Burnout – Auswege – 8 Tipps

von Bianca 0

Hinweis: Burnout ist ein ernstzunehmendes Leiden. Dieser Artikel kann und soll keine ärztliche Beratung ersetzen. Er ist lediglich als Anregung gedacht und basiert auf persönlichen Recherchen und Erfahrungen. Bitte konsultiere in jedem Fall Deinen Arzt, wenn Du das Gefühl hast, Du könntest von Burnout betroffen sein.

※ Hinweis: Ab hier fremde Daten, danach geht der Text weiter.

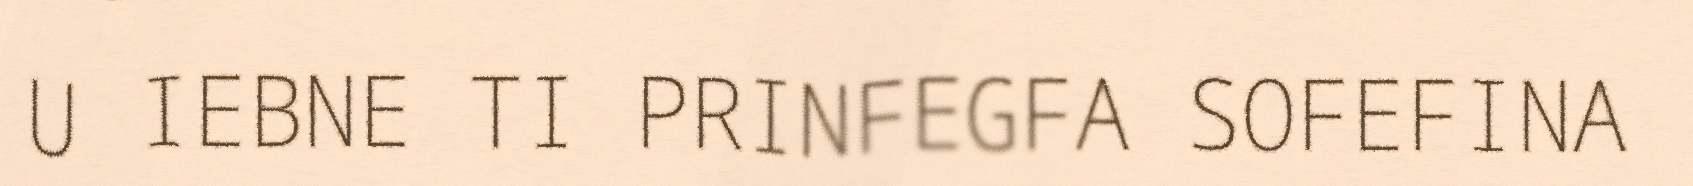
U IEBNE TI PRINFEGFA SOFEFINA

Er wird gemeinsam mit Dir überlegen, ob  – und wenn ja, welche – Therapien angezeigt sind. 

 

Burnout ist wie ein Tiefseekraken – lautlos und langsam gleitet er heran und die Dunkelheit schützt ihn davor, entdeckt zu werden. In diesem Fall ist es nicht die Dunkelheit des Meeres, sondern die des Unterbewusstseins. Und bevor man überhaupt merkt, dass er da ist, hat er seine Opfer schon mit seinen langen Krakenarmen umschlungen und zieht sie unaufhörlich mit sich nach unten in die Tiefe.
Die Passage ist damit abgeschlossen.